Below is a listing from which only part is wanted; return exactly the lines from the one with "134.459L73.891 155.084L69.233 157.105L56.505" up to and including the one with "33.547L31.53 24.245C32.021 24.032".

(DATA):
-----

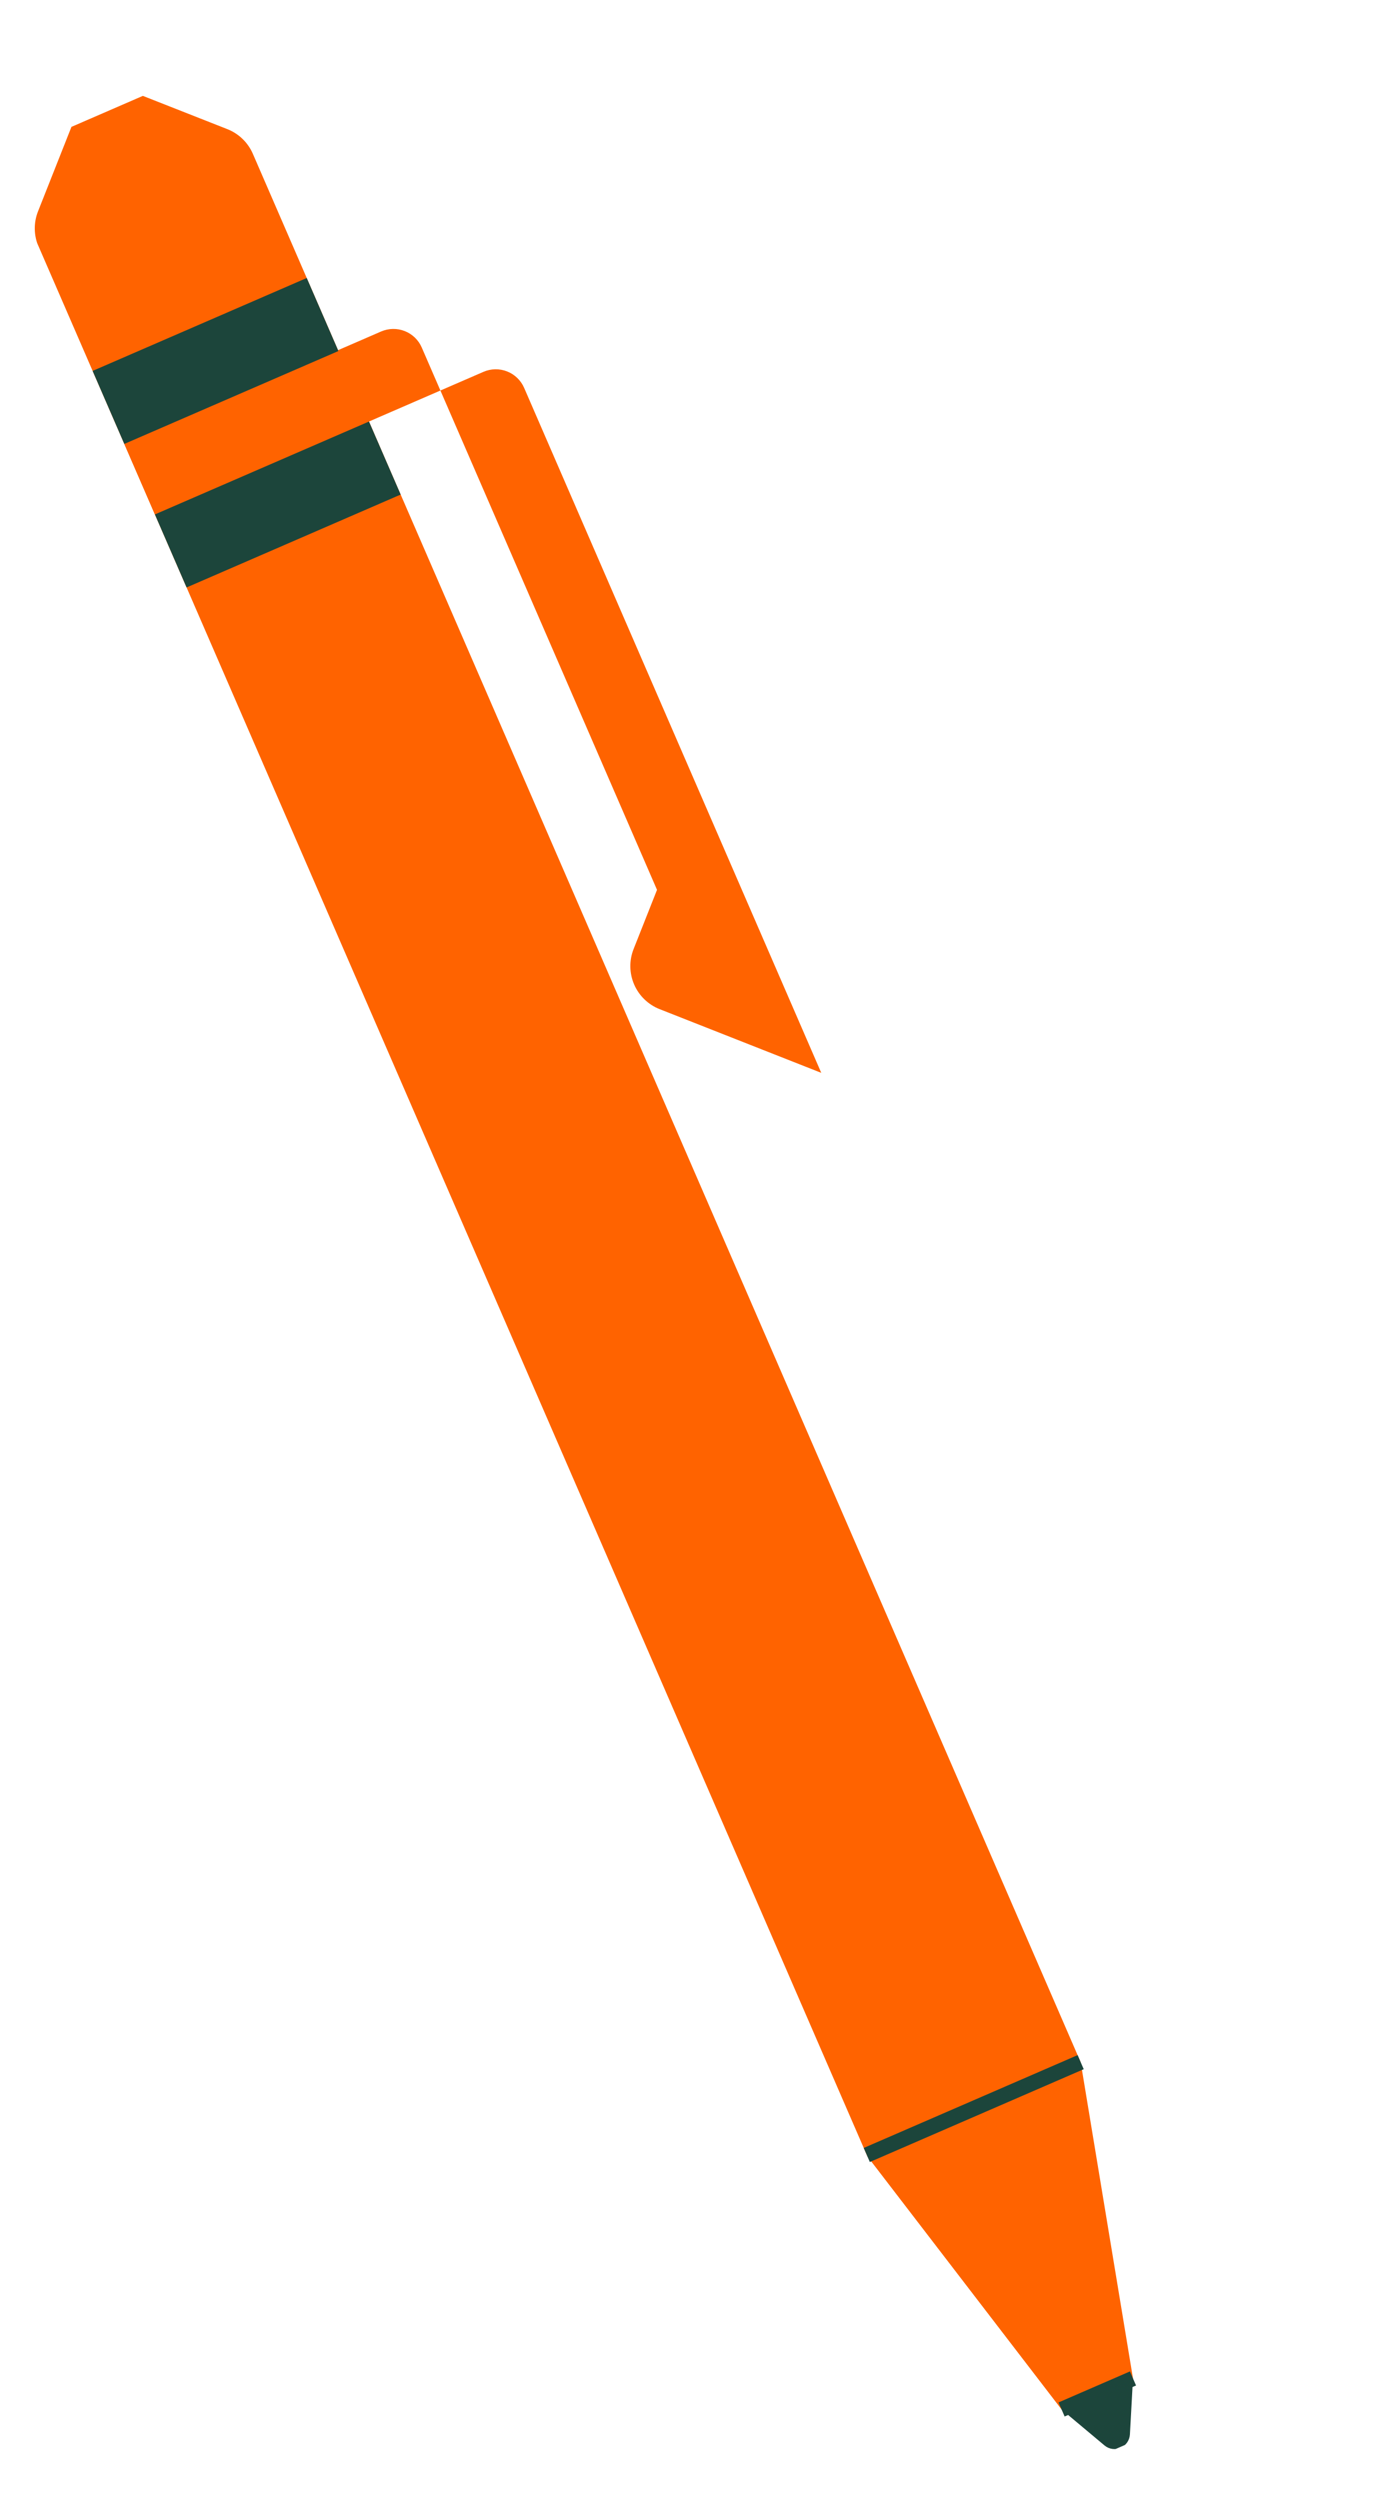 <svg width="90" height="163" viewBox="0 0 90 163" fill="none" xmlns="http://www.w3.org/2000/svg">
<g clip-path="url(#clip0_955_51790)">
<path d="M56.503 140.523L70.477 134.46L16.49 10.027C16.171 9.293 15.573 8.715 14.828 8.421L9.316 6.251L4.66 8.271L2.48 13.78C2.185 14.526 2.199 15.357 2.517 16.092L56.503 140.523Z" fill="#FF6300"/>
<path d="M70.479 134.459L73.891 155.084L69.233 157.105L56.505 140.522L70.479 134.459Z" fill="#FF6300"/>
<path d="M73.89 155.086L73.69 158.735C73.679 158.922 73.617 159.102 73.51 159.255C73.403 159.409 73.255 159.529 73.084 159.604C72.912 159.678 72.723 159.704 72.538 159.677C72.353 159.65 72.178 159.573 72.035 159.453L69.234 157.107L73.89 155.086Z" fill="#1C453B"/>
<path d="M70.479 134.459L56.503 140.523" stroke="#1C453B" stroke-miterlimit="10"/>
<path d="M73.891 155.083L69.233 157.105" stroke="#1C453B" stroke-miterlimit="10"/>
<path d="M10.09 33.547L31.53 24.245C32.021 24.032 32.576 24.023 33.074 24.219C33.571 24.415 33.97 24.8 34.183 25.29L53.561 69.954L43.022 65.801C42.276 65.507 41.677 64.929 41.358 64.194C41.04 63.459 41.026 62.627 41.321 61.882L45.489 51.349L44.543 61.926L27.506 22.66C27.294 22.17 26.895 21.784 26.397 21.588C25.9 21.392 25.345 21.402 24.854 21.615L8.072 28.896" fill="#FF6300"/>
<path d="M10.09 33.547L24.064 27.485L26.13 32.247L12.157 38.31L10.09 33.547Z" fill="#1C453B"/>
<path d="M6.03 24.189L20.004 18.126L22.07 22.888L8.096 28.951L6.03 24.189Z" fill="#1C453B"/>
</g>
<defs>
<clipPath id="clip0_955_51790">
<rect width="25.388" height="166.065" fill="white" transform="matrix(-0.917 0.398 0.398 0.917 23.291 0.186)"/>
</clipPath>
</defs>
</svg>

-----

(TASK ANSWER):
<path d="M70.479 134.459L73.891 155.084L69.233 157.105L56.505 140.522L70.479 134.459Z" fill="#FF6300"/>
<path d="M73.89 155.086L73.69 158.735C73.679 158.922 73.617 159.102 73.51 159.255C73.403 159.409 73.255 159.529 73.084 159.604C72.912 159.678 72.723 159.704 72.538 159.677C72.353 159.65 72.178 159.573 72.035 159.453L69.234 157.107L73.89 155.086Z" fill="#1C453B"/>
<path d="M70.479 134.459L56.503 140.523" stroke="#1C453B" stroke-miterlimit="10"/>
<path d="M73.891 155.083L69.233 157.105" stroke="#1C453B" stroke-miterlimit="10"/>
<path d="M10.09 33.547L31.53 24.245C32.021 24.032 32.576 24.023 33.074 24.219C33.571 24.415 33.97 24.8 34.183 25.29L53.561 69.954L43.022 65.801C42.276 65.507 41.677 64.929 41.358 64.194C41.04 63.459 41.026 62.627 41.321 61.882L45.489 51.349L44.543 61.926L27.506 22.66C27.294 22.17 26.895 21.784 26.397 21.588C25.9 21.392 25.345 21.402 24.854 21.615L8.072 28.896" fill="#FF6300"/>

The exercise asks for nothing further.